Looks good to my inexperienced eye. Lol. One thing I have noticed about the java fern is that it needs a little nutrients in the water column, or it will grow really slow. Just something to think about.


----------



## jerilovesfrogs (Nov 29, 2010)

yeah java fern grows kind of slowly haha. i have a bunch of it in my edge, with 2 adf's....and i don't dose anything in that tank because of the frogs. they take in things through their skin...and i don't want to risk anything. so while the ferns have been growing well with nothing.....perhaps they would grow faster with some nutrients. but i'm happy with how they've been growing for many months. =]


----------



## cableguy69846 (Feb 7, 2011)

jerilovesfrogs said:


> yeah java fern grows kind of slowly haha. i have a bunch of it in my edge, with 2 adf's....and i don't dose anything in that tank because of the frogs. they take in things through their skin...and i don't want to risk anything. so while the ferns have been growing well with nothing.....perhaps they would grow faster with some nutrients. but i'm happy with how they've been growing for many months. =]

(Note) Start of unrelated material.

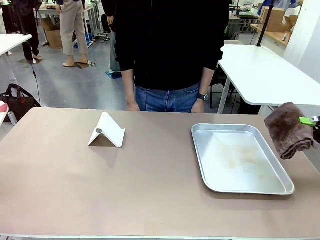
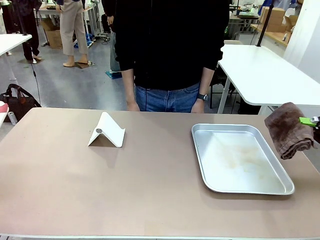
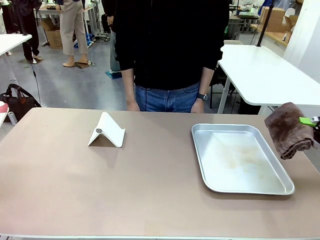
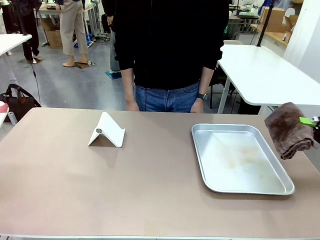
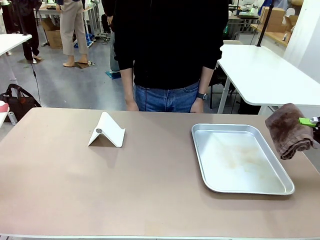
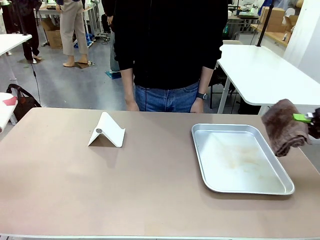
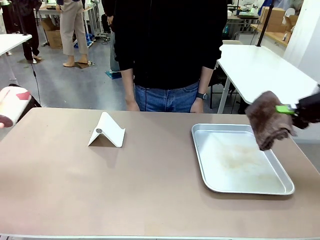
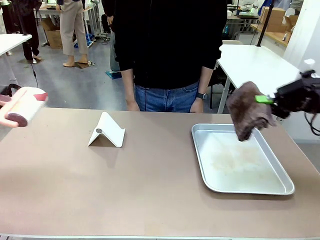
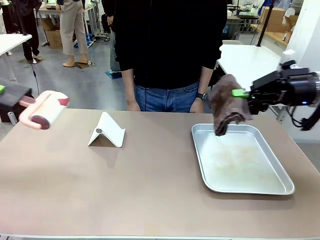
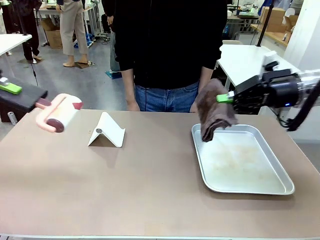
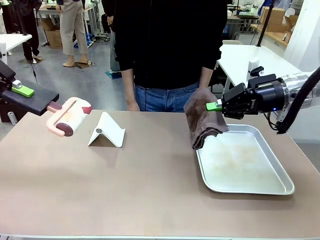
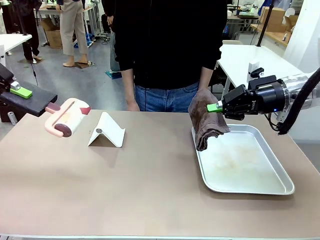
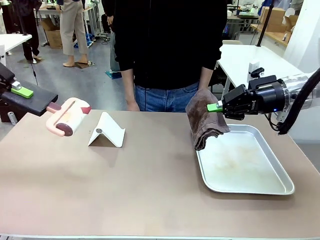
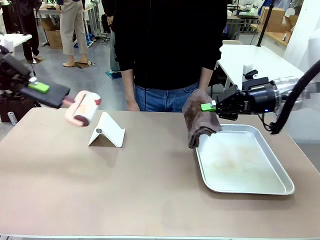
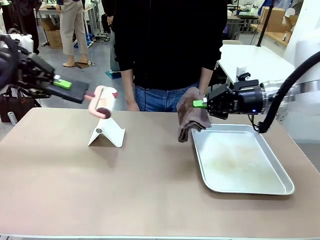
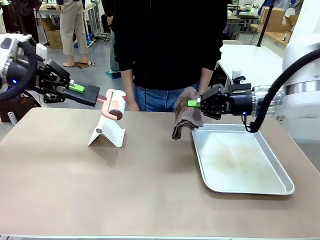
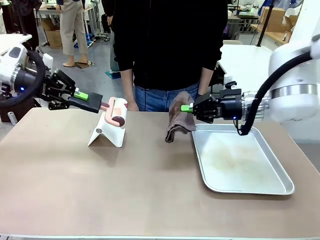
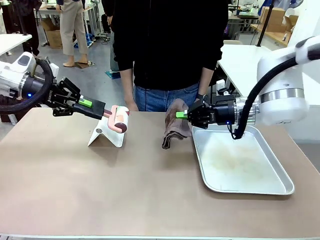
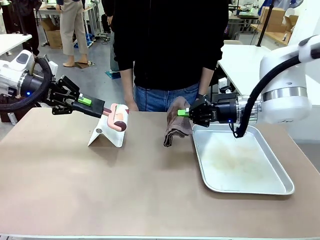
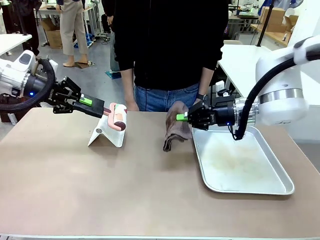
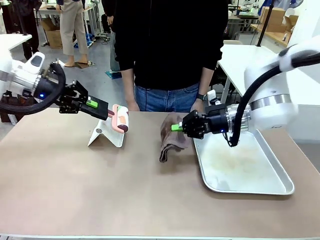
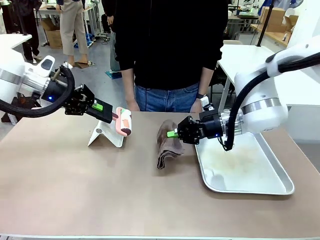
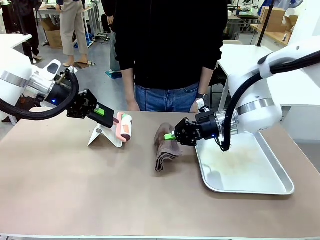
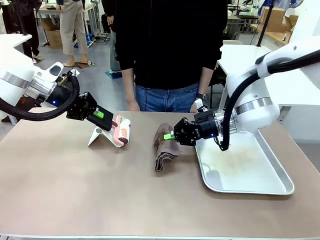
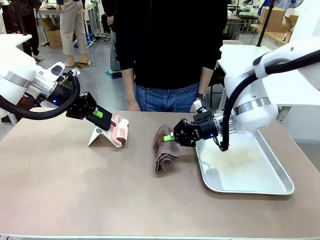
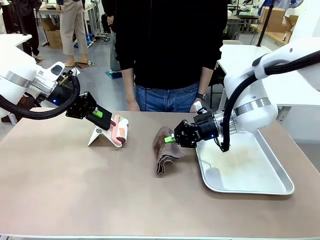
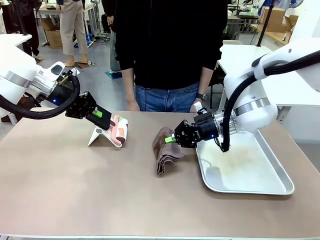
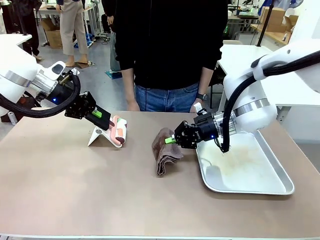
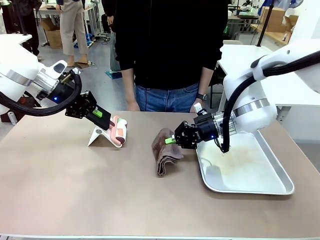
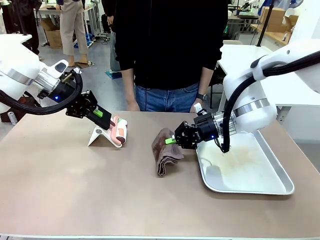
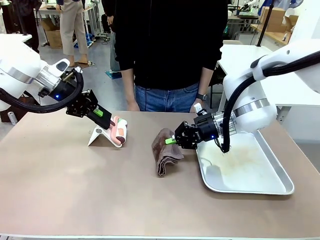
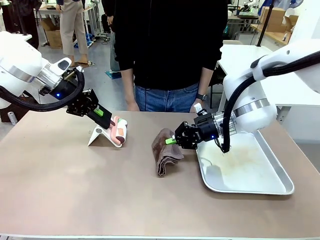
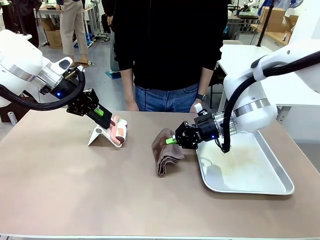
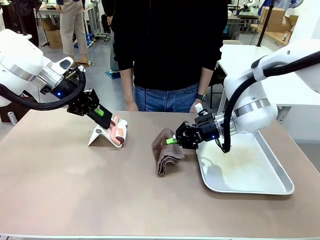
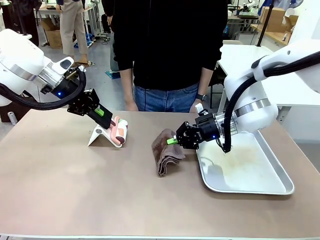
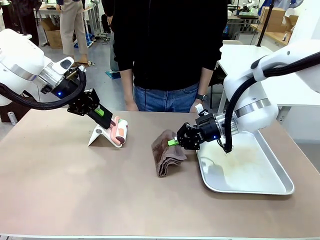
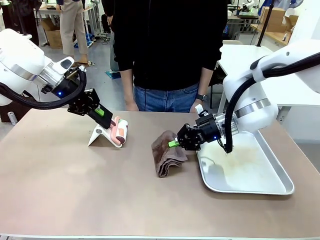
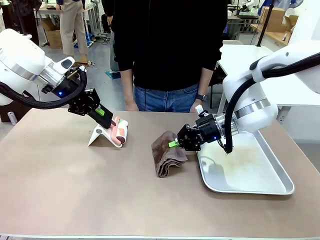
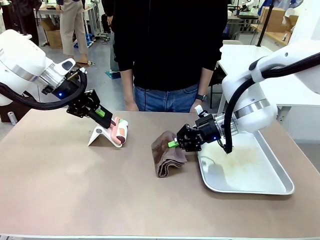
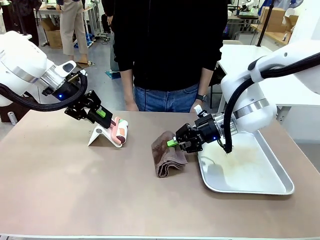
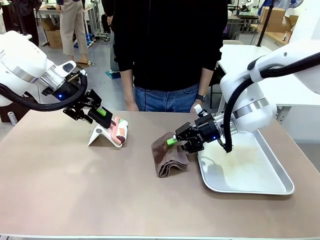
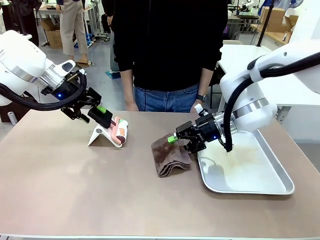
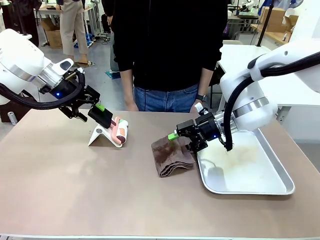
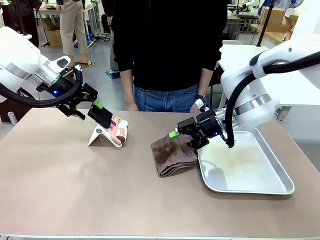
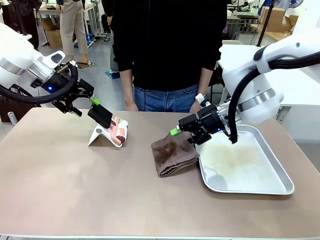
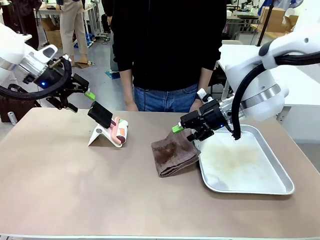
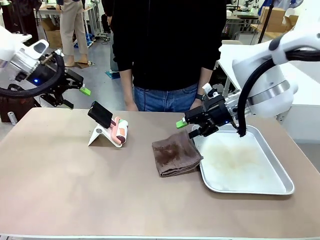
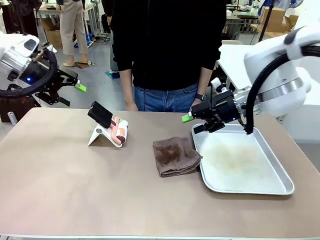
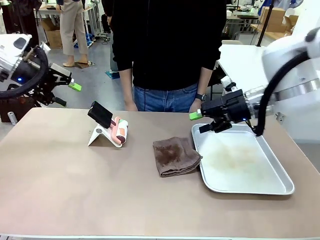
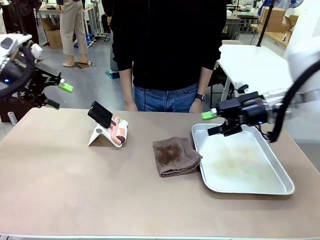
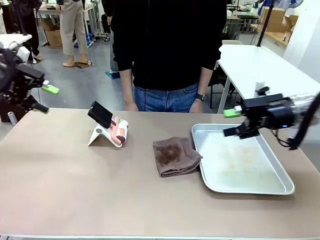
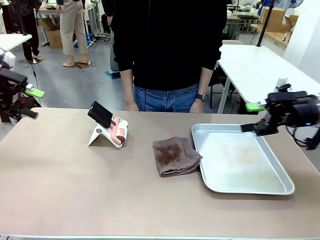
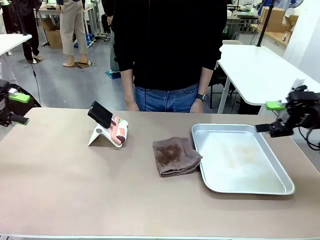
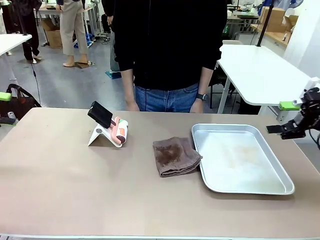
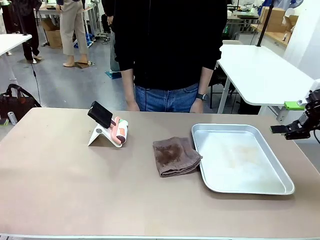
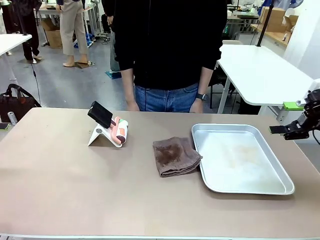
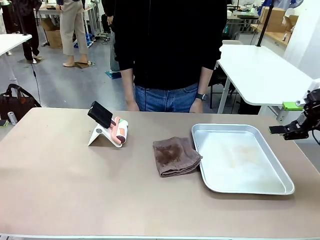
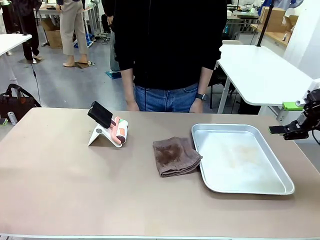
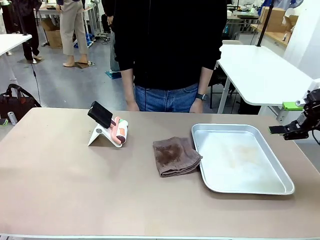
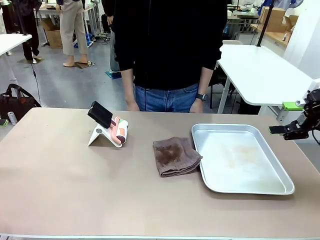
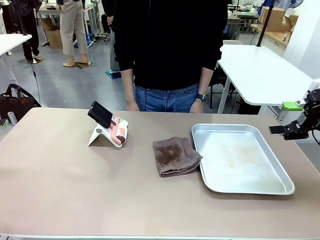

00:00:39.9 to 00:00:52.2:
Task: Clean the surface of the table.
Robot: Return the Lint Roller and towel to their original positions.

I need to find out your secret. Mine grow slow, and the leaves brown and rot really fast. I don't know what it is. ADF's are awesome. I think I need more of them.


----------



## jerilovesfrogs (Nov 29, 2010)

haha, idk what my secret is. i had some of it in with some tylo snails i had.....and i found out the hard way that they eat plants. i had no idea. they ruined a lot of my jfern. and hairgrass, and vals. luckily they left my huge wendtii alone. >.< but they have been rehomed....since the only tank that does not have plants in the cray tank. and they wouldn't last long in there. 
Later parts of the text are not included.